» DIRECTIONS
All lines in the material below that hold "fabric" should be found and copied.

--- START ---

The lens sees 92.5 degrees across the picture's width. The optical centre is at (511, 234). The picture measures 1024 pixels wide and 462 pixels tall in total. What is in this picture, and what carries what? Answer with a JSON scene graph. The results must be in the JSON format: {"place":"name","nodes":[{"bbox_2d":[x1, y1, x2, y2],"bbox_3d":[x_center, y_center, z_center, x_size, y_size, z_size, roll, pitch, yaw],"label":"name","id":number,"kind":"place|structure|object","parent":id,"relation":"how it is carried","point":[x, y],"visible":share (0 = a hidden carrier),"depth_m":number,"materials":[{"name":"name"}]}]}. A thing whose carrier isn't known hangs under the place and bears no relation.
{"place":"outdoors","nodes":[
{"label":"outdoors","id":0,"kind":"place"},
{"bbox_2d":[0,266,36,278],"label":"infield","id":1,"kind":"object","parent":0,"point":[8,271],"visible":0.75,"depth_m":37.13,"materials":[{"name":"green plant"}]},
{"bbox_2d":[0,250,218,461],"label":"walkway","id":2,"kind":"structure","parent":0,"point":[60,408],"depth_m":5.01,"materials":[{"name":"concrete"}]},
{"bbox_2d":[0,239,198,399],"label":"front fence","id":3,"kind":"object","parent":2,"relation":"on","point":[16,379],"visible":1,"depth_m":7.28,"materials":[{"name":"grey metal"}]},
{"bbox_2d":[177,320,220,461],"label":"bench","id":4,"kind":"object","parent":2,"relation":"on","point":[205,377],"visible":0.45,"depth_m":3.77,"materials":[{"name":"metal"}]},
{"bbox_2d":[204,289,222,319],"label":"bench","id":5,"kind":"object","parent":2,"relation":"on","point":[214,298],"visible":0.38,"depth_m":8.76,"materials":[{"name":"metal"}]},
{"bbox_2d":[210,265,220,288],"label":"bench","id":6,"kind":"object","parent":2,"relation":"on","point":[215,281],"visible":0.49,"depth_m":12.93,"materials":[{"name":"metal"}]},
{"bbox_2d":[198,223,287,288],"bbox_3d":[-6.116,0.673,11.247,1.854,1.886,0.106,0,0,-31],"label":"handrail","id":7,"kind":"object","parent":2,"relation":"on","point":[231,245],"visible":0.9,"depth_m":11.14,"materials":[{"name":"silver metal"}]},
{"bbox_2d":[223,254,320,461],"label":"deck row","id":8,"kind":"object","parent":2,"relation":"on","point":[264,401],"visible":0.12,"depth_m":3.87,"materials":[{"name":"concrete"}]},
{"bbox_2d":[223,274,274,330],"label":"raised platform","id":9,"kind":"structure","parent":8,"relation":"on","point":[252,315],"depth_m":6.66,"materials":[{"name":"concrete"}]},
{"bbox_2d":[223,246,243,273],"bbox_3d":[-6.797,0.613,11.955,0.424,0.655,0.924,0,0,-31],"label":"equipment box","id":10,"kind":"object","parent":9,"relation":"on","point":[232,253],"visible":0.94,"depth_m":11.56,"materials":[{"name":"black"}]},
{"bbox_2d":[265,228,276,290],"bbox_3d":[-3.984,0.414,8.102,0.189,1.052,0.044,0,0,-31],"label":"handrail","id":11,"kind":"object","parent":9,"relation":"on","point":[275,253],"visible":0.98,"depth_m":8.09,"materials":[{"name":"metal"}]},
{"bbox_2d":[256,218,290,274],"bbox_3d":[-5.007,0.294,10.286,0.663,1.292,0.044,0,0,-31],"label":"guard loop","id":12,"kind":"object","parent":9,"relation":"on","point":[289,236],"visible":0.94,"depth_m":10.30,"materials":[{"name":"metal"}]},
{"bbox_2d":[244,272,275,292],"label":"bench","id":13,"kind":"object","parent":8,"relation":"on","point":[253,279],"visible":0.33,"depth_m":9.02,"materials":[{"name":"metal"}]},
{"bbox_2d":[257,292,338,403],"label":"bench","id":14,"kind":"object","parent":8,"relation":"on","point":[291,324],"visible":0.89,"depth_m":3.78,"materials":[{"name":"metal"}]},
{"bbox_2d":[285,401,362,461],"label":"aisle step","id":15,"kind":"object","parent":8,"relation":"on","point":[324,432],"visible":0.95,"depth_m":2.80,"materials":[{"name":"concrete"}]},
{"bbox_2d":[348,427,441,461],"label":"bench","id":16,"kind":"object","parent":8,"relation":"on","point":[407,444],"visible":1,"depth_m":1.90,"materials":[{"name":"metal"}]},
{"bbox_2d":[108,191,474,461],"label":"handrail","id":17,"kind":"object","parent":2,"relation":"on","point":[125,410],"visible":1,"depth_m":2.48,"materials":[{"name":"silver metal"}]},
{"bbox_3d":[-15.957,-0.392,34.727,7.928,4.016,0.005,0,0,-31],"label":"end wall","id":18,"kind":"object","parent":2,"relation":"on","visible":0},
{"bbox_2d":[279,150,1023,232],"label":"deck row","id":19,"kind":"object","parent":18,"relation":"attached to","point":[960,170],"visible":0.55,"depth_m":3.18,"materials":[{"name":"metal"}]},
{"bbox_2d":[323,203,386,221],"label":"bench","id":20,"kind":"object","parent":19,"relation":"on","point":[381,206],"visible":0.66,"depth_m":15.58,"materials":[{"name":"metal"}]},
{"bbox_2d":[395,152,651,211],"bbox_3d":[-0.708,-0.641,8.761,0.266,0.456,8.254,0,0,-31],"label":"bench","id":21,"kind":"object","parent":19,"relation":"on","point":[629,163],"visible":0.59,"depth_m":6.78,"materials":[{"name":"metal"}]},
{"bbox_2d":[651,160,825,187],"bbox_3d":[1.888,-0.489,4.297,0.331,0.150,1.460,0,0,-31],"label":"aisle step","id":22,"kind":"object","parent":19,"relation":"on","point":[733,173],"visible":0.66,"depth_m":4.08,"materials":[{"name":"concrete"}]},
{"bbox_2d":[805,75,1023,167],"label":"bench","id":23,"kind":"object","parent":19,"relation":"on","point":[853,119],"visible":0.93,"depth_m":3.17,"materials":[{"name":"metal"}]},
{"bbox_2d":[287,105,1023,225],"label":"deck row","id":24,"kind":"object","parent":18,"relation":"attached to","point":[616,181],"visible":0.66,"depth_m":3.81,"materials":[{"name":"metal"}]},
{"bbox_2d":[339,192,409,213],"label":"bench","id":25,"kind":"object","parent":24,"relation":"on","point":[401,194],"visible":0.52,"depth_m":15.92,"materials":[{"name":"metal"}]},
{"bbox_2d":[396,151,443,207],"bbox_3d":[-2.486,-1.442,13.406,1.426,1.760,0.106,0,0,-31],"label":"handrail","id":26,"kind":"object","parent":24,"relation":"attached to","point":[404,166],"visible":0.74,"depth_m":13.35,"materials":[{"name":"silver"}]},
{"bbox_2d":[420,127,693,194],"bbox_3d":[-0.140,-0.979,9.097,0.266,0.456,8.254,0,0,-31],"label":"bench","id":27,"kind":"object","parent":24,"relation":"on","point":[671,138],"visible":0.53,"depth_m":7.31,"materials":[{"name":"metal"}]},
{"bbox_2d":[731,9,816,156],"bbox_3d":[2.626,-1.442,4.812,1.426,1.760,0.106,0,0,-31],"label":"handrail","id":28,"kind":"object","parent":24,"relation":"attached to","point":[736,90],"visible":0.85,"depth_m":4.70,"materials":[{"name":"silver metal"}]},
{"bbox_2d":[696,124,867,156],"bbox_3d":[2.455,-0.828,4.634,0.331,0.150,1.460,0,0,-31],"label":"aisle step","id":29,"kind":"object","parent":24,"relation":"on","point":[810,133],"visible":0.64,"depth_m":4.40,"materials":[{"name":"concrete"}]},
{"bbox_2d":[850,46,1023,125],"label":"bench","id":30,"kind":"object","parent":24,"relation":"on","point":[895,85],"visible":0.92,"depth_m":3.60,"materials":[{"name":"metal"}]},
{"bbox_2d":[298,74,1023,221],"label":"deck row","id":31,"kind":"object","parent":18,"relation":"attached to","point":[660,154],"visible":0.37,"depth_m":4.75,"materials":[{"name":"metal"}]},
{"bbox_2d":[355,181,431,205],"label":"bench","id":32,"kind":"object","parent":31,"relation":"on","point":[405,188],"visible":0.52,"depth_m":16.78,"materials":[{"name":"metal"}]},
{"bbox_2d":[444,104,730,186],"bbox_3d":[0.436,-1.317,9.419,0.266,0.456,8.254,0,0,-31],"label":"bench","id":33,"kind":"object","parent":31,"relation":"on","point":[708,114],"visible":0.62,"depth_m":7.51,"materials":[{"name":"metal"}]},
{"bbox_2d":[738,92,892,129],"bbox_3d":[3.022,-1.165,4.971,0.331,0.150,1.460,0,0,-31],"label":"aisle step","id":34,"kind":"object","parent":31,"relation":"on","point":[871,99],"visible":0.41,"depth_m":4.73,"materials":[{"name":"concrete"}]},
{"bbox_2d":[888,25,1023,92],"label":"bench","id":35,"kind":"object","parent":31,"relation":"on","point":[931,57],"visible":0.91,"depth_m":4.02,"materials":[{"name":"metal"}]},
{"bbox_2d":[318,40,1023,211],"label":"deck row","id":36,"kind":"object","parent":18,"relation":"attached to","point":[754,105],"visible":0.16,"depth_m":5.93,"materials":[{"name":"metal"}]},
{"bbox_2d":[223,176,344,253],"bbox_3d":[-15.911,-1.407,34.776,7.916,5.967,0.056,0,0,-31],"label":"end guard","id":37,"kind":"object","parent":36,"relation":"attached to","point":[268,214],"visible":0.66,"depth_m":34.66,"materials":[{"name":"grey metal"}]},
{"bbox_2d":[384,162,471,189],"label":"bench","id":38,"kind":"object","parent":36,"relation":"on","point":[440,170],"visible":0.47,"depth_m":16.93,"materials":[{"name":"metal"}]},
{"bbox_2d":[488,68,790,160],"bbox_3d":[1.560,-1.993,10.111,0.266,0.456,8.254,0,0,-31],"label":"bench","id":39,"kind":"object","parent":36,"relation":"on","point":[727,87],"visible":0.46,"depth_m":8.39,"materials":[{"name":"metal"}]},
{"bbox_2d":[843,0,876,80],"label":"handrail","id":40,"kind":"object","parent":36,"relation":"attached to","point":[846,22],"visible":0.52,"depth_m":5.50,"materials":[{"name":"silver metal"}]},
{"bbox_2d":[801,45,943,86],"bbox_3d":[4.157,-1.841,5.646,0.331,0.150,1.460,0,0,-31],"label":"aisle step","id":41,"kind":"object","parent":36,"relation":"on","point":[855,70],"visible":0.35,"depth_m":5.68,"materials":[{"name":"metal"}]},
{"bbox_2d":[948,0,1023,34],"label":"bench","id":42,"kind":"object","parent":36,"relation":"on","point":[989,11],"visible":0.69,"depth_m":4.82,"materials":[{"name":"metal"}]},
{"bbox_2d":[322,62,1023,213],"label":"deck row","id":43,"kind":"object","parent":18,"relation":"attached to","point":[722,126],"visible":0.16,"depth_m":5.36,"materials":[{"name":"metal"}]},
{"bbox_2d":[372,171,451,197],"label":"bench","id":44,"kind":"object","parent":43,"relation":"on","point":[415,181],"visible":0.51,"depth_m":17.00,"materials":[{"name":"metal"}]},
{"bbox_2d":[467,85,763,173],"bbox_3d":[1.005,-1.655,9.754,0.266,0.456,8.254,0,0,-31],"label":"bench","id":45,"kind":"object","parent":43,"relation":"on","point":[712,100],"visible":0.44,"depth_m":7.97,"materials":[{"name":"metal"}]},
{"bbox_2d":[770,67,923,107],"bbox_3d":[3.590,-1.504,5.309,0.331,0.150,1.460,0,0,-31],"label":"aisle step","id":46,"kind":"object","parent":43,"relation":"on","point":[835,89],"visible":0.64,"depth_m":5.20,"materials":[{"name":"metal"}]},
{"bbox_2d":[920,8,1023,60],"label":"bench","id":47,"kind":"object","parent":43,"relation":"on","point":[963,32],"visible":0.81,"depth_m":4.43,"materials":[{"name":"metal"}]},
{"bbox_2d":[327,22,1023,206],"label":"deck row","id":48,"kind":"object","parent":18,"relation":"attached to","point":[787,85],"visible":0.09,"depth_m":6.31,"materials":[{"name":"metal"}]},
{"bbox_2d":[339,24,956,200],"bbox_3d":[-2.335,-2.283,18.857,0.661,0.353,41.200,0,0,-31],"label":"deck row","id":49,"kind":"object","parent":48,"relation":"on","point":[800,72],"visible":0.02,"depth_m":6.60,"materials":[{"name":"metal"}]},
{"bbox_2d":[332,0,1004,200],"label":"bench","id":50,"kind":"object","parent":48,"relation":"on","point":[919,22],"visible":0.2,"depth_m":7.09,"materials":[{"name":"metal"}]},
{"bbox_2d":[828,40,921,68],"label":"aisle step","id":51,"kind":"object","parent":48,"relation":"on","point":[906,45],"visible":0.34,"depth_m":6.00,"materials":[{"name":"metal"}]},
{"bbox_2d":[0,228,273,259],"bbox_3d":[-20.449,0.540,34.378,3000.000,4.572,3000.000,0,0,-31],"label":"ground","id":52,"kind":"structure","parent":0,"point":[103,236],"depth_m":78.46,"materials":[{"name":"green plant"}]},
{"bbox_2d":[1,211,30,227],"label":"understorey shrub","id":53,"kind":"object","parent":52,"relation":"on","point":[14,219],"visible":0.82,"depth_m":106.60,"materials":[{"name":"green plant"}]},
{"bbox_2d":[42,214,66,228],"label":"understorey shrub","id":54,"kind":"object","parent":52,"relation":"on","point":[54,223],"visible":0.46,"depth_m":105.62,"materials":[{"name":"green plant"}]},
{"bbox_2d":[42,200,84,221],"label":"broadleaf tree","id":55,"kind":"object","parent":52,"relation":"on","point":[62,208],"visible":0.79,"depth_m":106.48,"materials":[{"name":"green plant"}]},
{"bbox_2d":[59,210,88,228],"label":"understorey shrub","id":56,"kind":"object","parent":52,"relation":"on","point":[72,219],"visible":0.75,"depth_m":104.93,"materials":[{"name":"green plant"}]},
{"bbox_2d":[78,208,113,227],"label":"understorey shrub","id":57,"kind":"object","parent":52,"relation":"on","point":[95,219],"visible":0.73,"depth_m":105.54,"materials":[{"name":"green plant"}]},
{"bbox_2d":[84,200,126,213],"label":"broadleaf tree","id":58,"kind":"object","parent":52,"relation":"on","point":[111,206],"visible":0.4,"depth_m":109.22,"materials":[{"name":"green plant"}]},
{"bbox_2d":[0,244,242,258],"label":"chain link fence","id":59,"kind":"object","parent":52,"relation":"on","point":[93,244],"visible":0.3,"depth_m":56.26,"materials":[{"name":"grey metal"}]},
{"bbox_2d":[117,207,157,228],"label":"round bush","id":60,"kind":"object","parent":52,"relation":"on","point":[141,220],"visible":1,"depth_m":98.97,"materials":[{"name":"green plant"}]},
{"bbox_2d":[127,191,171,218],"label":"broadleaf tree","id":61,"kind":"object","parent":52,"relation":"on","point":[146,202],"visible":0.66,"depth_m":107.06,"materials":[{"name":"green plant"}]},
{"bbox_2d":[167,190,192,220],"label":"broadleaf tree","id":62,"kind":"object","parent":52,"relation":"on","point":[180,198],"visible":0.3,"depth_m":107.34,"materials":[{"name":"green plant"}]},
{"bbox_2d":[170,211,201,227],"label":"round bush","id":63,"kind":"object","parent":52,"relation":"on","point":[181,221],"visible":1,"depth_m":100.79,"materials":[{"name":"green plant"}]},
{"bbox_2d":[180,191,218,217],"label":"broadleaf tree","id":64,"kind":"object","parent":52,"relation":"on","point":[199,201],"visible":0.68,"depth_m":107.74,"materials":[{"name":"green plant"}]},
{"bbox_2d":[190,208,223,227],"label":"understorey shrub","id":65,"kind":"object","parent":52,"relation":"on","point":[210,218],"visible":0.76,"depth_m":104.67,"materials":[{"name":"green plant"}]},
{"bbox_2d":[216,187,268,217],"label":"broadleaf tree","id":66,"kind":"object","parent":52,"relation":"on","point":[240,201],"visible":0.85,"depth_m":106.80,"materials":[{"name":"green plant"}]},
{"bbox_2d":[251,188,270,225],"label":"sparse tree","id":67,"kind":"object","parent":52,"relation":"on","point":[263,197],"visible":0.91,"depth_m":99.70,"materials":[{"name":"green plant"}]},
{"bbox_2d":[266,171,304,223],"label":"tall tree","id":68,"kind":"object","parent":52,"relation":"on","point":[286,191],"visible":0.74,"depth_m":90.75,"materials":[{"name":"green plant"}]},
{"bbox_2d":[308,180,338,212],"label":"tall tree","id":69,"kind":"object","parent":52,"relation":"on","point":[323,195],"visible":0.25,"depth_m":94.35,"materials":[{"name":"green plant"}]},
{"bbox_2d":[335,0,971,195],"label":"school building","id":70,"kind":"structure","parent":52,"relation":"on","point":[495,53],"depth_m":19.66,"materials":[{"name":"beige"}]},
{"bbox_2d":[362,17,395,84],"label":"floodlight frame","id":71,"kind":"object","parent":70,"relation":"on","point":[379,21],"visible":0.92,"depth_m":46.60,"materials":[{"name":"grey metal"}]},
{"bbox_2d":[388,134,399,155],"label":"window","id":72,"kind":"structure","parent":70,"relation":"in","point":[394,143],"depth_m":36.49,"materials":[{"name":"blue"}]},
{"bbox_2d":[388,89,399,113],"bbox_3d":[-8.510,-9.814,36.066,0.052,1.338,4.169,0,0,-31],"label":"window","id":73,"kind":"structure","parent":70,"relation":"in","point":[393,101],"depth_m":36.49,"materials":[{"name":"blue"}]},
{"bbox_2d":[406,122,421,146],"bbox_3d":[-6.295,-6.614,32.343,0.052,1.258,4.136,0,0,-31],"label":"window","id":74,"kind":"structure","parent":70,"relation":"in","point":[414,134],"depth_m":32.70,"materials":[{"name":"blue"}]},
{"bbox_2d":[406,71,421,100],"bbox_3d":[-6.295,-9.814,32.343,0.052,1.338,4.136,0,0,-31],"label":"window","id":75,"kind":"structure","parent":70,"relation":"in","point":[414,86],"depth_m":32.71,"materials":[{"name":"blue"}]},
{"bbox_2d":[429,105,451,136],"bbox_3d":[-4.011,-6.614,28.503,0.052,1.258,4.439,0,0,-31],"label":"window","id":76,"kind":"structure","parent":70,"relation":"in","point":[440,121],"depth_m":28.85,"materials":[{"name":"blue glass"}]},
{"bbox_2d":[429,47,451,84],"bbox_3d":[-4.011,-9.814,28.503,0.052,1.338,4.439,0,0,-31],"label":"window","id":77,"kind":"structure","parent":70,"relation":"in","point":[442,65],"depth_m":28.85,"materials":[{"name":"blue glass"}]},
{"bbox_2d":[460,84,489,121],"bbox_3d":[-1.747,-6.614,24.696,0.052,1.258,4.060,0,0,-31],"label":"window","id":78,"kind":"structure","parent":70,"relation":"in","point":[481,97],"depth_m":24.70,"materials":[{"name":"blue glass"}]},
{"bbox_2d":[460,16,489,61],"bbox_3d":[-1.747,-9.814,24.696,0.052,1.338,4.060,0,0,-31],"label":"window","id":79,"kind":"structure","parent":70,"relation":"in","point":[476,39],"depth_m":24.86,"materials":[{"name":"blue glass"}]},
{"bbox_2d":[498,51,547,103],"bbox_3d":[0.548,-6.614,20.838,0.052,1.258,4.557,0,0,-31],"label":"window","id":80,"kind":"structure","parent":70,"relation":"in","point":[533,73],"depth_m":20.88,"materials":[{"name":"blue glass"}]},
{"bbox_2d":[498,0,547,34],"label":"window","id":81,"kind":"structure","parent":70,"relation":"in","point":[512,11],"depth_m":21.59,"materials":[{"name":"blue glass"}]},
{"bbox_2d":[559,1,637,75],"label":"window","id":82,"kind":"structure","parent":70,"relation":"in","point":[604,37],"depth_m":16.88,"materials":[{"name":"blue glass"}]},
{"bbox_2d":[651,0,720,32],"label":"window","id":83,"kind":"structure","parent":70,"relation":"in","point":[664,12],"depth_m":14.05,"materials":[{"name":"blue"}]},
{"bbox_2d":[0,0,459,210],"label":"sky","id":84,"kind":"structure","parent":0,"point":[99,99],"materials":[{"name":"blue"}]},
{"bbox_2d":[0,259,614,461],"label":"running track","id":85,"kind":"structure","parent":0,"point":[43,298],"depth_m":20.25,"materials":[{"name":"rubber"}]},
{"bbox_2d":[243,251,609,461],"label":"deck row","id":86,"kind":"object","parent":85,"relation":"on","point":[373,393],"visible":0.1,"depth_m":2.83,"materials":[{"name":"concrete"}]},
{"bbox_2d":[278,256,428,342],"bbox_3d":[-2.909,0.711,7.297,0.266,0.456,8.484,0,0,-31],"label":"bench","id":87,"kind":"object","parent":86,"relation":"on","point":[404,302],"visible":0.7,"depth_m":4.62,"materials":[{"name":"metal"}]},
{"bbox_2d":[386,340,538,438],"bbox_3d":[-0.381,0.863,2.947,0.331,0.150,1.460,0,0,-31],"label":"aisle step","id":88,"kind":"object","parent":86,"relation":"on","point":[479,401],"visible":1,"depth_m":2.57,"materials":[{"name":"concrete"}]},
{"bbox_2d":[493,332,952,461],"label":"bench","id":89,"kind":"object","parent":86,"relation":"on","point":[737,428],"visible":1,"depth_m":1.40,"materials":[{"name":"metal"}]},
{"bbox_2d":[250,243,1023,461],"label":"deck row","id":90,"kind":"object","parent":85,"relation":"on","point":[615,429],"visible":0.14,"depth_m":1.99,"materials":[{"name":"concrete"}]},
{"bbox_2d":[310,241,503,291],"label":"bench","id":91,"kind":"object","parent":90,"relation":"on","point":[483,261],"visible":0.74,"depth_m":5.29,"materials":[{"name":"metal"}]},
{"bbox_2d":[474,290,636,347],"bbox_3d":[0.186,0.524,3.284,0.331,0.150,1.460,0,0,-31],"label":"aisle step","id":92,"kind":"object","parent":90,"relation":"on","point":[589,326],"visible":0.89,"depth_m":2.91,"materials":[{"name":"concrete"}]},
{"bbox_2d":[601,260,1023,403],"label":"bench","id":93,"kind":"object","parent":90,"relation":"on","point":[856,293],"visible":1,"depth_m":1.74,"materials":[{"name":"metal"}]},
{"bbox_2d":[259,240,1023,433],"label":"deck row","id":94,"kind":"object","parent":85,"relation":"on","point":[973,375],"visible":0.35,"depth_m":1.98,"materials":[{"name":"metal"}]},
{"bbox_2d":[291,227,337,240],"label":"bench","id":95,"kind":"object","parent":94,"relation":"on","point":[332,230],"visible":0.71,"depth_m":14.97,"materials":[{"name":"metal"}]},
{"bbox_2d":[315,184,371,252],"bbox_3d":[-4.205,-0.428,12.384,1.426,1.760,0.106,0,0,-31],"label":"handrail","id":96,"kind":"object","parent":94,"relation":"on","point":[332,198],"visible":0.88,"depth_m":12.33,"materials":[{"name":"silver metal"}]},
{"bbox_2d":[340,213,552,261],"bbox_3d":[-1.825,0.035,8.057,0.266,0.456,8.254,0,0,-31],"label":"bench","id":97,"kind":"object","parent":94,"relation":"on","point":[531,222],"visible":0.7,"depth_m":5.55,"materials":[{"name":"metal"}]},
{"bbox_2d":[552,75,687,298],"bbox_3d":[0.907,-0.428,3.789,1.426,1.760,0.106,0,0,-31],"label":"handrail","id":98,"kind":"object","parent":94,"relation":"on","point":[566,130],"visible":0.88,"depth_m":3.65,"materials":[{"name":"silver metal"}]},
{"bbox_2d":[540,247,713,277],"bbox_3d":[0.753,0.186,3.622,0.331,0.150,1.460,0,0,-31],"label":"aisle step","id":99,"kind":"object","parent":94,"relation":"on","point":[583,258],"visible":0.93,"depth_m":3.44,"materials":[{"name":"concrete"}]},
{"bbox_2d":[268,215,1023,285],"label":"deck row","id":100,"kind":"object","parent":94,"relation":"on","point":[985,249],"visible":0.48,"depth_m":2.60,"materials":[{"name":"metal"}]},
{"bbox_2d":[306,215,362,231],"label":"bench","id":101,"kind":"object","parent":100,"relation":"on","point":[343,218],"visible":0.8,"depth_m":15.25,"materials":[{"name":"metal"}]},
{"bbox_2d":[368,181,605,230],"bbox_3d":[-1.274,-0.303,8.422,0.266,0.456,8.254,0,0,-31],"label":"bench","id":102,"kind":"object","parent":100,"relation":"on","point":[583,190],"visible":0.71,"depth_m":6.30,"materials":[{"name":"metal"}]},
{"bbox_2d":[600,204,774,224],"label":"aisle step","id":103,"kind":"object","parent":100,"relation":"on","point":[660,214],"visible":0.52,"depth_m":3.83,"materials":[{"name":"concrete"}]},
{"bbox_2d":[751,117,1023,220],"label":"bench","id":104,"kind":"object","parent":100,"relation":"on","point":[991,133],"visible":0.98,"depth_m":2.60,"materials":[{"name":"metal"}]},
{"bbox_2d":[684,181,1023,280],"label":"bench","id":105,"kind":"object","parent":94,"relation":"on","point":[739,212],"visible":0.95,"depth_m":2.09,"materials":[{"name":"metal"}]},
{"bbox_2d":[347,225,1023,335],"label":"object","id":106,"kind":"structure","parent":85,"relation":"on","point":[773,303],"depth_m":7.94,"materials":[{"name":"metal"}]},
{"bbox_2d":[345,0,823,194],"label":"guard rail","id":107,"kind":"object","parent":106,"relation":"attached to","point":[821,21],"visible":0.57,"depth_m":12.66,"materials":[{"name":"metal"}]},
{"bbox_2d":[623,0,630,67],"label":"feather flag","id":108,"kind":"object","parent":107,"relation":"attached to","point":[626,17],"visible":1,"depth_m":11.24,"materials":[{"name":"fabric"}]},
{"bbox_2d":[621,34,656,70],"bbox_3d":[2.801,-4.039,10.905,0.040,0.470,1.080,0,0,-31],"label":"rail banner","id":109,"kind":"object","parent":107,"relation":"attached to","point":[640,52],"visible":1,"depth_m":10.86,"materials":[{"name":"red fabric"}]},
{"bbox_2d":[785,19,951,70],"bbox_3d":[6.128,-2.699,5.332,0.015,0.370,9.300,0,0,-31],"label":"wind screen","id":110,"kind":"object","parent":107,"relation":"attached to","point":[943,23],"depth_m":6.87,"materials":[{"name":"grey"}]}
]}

--- END ---

» SOLUTION FOR THIS PROBLEM
{"bbox_2d":[623,0,630,67],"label":"feather flag","id":108,"kind":"object","parent":107,"relation":"attached to","point":[626,17],"visible":1,"depth_m":11.24,"materials":[{"name":"fabric"}]},
{"bbox_2d":[621,34,656,70],"bbox_3d":[2.801,-4.039,10.905,0.040,0.470,1.080,0,0,-31],"label":"rail banner","id":109,"kind":"object","parent":107,"relation":"attached to","point":[640,52],"visible":1,"depth_m":10.86,"materials":[{"name":"red fabric"}]},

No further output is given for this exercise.